Search the material below for "terms" and copy every line where it occurs.

-------------------------

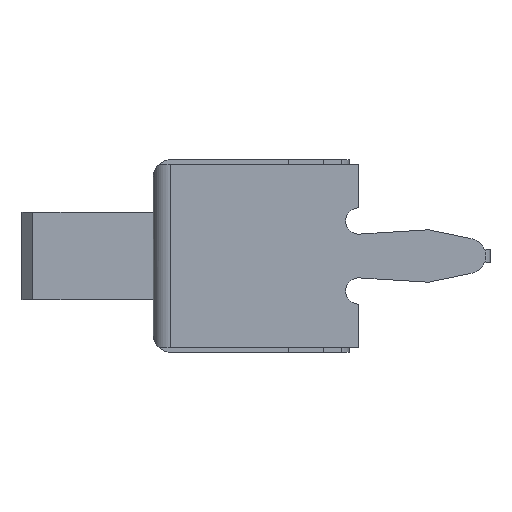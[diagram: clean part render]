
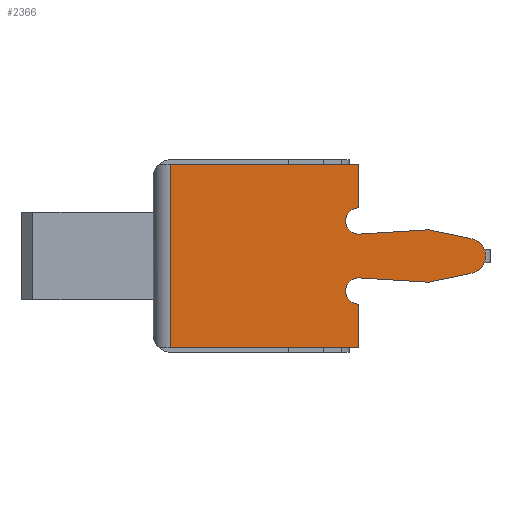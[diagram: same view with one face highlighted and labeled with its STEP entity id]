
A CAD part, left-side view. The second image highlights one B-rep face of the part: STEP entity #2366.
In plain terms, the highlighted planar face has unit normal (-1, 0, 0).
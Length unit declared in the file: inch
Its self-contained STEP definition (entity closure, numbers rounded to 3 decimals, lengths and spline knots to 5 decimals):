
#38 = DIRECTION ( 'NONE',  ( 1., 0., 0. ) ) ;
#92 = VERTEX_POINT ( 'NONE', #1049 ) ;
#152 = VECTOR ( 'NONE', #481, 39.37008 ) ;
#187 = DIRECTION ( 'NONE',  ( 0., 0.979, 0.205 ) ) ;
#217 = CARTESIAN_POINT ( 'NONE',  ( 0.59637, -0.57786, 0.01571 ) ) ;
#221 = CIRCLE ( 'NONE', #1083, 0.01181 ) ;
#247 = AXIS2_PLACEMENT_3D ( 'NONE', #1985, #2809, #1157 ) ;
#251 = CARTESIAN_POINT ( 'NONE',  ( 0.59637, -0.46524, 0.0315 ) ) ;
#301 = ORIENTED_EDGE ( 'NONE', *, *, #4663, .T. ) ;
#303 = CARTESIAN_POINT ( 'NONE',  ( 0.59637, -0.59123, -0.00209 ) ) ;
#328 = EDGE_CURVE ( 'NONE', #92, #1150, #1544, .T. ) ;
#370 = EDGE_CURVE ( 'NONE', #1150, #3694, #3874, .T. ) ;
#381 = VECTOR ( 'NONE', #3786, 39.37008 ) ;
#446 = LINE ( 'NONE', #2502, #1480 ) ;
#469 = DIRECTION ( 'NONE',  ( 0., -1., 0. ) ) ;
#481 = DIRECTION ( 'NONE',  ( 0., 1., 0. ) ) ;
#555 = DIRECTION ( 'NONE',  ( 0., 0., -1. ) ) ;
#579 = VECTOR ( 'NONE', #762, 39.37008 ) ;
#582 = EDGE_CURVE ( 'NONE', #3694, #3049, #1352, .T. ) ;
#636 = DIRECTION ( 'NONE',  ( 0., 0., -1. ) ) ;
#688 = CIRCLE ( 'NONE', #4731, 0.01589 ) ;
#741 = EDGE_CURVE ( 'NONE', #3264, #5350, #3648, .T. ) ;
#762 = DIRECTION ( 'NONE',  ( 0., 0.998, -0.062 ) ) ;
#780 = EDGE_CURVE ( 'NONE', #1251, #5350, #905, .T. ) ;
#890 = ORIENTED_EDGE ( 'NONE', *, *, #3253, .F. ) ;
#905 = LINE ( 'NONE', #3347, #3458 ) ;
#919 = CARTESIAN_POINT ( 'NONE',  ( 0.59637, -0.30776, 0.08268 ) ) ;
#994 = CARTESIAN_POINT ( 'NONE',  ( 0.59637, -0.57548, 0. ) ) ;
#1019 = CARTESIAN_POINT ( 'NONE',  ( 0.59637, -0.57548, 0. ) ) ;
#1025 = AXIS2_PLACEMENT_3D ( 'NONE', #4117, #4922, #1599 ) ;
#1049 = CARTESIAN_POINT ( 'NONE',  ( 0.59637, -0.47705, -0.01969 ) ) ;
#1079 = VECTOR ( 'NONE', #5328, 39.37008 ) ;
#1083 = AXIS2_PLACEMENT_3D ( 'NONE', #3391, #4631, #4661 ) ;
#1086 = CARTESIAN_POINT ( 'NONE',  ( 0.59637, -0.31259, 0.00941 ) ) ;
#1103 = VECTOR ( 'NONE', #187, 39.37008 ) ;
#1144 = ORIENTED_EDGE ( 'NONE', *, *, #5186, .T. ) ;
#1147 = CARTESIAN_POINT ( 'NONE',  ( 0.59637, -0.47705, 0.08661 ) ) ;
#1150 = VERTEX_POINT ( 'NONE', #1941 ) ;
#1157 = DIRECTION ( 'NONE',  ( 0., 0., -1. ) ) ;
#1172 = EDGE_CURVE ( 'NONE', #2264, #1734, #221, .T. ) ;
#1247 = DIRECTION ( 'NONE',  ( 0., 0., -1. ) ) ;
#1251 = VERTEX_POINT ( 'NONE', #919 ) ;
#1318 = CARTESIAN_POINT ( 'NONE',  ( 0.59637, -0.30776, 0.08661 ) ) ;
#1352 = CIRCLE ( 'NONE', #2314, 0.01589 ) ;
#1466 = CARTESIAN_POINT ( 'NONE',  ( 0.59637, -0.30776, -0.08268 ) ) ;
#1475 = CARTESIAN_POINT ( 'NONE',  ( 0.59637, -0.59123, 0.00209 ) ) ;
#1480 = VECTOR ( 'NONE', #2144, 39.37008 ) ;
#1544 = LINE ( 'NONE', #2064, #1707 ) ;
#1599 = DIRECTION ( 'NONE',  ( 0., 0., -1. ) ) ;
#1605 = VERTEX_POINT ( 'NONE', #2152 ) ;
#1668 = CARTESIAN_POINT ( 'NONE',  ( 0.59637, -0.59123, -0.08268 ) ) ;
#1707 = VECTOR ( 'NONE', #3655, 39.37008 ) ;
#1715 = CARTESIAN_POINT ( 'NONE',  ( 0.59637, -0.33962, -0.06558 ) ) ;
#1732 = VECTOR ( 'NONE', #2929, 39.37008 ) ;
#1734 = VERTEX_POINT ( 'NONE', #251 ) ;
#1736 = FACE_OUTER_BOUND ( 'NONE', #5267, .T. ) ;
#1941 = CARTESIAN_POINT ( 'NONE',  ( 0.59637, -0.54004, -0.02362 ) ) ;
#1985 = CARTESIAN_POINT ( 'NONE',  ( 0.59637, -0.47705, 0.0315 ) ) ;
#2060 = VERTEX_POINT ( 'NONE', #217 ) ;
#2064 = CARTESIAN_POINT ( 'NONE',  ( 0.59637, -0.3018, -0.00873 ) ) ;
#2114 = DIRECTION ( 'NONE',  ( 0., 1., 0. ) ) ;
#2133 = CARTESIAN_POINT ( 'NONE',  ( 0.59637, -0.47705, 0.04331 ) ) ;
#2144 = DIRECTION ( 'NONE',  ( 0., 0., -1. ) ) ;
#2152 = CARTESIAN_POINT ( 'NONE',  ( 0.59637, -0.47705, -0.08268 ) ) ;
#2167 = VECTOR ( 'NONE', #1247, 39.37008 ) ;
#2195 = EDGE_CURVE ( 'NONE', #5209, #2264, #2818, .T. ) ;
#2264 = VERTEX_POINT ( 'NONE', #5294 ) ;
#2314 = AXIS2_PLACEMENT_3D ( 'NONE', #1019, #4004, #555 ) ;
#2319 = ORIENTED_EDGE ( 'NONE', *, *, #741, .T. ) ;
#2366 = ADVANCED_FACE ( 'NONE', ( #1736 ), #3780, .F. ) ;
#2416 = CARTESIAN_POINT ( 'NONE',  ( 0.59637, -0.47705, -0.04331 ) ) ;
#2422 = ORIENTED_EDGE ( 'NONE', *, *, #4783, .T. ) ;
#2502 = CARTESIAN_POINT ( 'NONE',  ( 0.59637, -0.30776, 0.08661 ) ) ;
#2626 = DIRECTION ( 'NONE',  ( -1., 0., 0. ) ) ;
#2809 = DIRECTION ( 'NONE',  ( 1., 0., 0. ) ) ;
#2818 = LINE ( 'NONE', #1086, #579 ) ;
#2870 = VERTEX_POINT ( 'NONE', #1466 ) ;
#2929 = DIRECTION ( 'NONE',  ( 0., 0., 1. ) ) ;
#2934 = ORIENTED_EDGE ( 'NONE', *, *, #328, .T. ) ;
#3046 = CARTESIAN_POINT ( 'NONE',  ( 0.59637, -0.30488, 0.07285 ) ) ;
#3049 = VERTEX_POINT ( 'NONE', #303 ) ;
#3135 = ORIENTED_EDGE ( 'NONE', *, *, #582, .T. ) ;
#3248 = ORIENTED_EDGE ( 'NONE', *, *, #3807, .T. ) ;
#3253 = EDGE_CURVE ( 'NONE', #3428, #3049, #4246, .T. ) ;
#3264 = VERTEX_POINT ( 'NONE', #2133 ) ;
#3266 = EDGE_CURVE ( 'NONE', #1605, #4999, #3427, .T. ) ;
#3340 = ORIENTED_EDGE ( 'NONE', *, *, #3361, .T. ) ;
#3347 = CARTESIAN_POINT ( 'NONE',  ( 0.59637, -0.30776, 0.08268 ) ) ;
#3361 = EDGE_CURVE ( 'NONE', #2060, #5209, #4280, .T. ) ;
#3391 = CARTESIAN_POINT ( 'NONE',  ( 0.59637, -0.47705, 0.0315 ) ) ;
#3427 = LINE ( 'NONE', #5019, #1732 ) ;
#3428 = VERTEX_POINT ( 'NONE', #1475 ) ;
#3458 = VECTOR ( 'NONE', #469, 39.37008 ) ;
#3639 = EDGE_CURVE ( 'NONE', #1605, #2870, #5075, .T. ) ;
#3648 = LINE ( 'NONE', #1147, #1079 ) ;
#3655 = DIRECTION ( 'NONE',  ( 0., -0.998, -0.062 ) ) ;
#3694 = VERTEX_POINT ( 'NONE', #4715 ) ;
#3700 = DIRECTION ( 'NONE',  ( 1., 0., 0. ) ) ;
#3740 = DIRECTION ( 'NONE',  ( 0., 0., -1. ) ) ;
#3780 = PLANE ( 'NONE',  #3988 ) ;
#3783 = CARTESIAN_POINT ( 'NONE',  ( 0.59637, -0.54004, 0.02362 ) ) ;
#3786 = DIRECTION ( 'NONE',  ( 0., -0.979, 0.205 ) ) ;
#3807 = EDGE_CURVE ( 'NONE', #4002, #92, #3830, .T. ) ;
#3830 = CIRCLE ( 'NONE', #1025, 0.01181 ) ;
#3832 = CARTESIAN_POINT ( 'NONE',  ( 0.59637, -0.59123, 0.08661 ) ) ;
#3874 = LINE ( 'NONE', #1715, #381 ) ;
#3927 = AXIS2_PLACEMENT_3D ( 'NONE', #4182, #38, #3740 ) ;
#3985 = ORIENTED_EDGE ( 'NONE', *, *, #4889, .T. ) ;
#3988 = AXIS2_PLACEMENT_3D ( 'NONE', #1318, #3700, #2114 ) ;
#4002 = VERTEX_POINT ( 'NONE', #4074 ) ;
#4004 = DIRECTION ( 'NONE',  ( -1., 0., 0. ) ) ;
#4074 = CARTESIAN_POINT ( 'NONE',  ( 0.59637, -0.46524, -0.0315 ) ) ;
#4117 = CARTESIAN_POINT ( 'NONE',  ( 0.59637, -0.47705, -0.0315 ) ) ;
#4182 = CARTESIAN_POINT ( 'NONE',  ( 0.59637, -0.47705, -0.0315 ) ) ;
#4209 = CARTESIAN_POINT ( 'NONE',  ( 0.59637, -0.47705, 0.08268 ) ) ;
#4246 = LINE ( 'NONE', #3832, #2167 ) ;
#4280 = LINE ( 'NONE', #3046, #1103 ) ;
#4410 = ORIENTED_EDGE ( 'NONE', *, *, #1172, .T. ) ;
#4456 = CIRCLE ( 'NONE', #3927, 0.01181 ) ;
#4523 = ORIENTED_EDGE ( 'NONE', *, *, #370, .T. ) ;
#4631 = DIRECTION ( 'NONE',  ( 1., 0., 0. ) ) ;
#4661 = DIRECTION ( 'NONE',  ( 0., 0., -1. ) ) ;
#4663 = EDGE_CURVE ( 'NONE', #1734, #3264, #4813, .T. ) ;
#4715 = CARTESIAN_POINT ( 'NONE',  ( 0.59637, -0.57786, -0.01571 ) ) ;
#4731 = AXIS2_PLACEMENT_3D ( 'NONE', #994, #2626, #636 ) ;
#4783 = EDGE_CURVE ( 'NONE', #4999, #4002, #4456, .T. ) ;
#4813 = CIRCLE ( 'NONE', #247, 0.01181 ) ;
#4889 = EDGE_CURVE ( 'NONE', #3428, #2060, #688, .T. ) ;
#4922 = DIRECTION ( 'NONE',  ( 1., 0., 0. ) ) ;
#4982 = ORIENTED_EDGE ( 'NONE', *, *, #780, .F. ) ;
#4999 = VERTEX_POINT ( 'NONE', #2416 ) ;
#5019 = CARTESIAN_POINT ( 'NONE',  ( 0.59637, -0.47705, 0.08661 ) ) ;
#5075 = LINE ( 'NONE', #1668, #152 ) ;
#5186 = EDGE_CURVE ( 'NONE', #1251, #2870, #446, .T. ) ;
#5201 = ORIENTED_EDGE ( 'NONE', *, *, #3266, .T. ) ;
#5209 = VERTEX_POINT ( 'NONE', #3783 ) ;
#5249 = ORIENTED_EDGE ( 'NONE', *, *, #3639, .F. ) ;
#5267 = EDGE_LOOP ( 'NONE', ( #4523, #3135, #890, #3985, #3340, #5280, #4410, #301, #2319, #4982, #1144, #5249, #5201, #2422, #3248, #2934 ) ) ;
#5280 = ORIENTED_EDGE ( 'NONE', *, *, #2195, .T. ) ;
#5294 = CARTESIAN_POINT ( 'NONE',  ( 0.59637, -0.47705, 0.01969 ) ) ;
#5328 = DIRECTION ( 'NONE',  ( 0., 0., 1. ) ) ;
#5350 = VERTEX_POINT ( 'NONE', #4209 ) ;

-------------------------

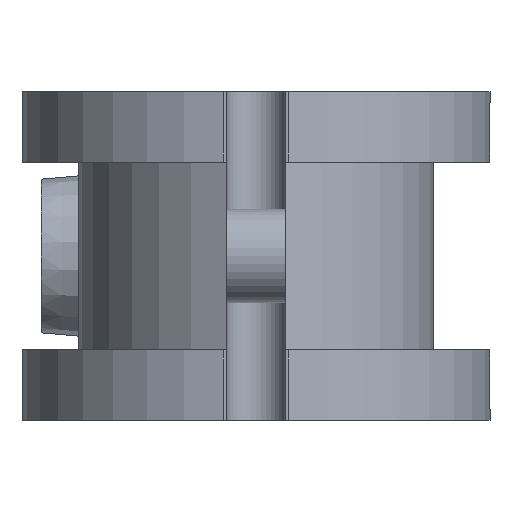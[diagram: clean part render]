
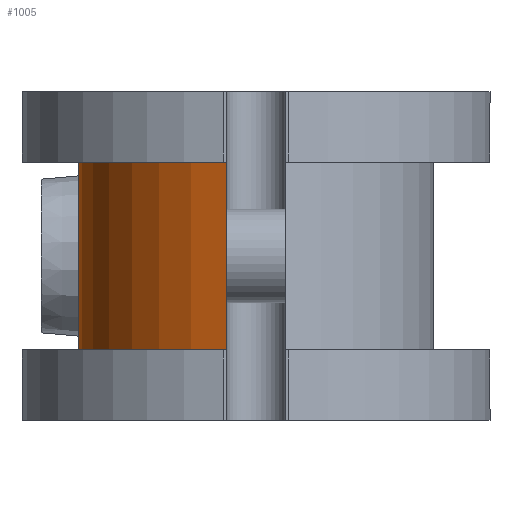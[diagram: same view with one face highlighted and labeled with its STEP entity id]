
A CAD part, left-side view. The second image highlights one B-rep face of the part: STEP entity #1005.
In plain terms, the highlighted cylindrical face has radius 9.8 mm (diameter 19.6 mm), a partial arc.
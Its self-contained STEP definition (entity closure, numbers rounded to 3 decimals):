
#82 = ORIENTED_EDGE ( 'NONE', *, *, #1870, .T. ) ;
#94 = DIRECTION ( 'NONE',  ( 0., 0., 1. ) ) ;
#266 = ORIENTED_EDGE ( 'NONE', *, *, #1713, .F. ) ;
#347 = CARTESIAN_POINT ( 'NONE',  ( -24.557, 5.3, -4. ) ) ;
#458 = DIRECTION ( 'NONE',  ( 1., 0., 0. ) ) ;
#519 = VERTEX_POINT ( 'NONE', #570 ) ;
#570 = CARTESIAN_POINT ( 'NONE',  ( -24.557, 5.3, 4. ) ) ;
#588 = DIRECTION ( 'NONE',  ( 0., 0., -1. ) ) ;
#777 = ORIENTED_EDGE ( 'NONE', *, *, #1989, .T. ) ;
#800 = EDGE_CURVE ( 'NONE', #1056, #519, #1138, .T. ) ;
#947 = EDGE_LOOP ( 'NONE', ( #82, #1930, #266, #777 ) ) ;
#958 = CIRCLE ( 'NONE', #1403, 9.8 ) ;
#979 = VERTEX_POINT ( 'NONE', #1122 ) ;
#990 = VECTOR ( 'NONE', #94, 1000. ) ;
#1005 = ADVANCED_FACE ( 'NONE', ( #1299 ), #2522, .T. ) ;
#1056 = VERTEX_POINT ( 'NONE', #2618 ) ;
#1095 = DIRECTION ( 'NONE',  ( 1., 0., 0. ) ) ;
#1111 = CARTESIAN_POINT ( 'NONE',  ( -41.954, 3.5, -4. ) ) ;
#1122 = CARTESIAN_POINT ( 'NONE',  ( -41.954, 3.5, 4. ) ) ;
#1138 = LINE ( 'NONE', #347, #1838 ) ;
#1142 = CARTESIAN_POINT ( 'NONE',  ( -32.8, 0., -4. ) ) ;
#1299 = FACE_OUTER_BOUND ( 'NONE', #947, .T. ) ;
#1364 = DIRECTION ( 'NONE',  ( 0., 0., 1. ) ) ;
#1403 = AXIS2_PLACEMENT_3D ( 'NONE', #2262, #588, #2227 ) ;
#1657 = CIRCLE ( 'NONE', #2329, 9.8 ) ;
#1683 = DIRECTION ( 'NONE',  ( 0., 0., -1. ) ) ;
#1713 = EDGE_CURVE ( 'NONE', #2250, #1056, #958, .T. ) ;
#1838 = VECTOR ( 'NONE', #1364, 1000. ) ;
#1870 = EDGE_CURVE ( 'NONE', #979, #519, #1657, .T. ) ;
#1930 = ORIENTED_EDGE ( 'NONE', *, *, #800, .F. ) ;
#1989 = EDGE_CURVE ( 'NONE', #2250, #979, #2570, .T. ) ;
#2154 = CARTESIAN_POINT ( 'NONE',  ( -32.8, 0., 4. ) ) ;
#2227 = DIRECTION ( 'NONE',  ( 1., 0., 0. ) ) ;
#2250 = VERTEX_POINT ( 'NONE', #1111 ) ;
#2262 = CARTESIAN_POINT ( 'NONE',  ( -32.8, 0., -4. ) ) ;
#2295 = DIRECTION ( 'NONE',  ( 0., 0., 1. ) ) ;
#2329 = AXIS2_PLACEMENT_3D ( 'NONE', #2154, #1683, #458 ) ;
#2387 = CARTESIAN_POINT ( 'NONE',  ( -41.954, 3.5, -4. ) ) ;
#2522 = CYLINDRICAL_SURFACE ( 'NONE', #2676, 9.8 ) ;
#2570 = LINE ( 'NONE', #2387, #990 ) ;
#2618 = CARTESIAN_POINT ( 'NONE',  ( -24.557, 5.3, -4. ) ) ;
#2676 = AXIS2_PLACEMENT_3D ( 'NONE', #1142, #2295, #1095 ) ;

-------------------------

- **Reply**
In plain terms, the highlighted planar face has unit normal (-1, 0, 0).
In plain terms, the highlighted cylindrical face has radius 9.8 mm (diameter 19.6 mm), a partial arc.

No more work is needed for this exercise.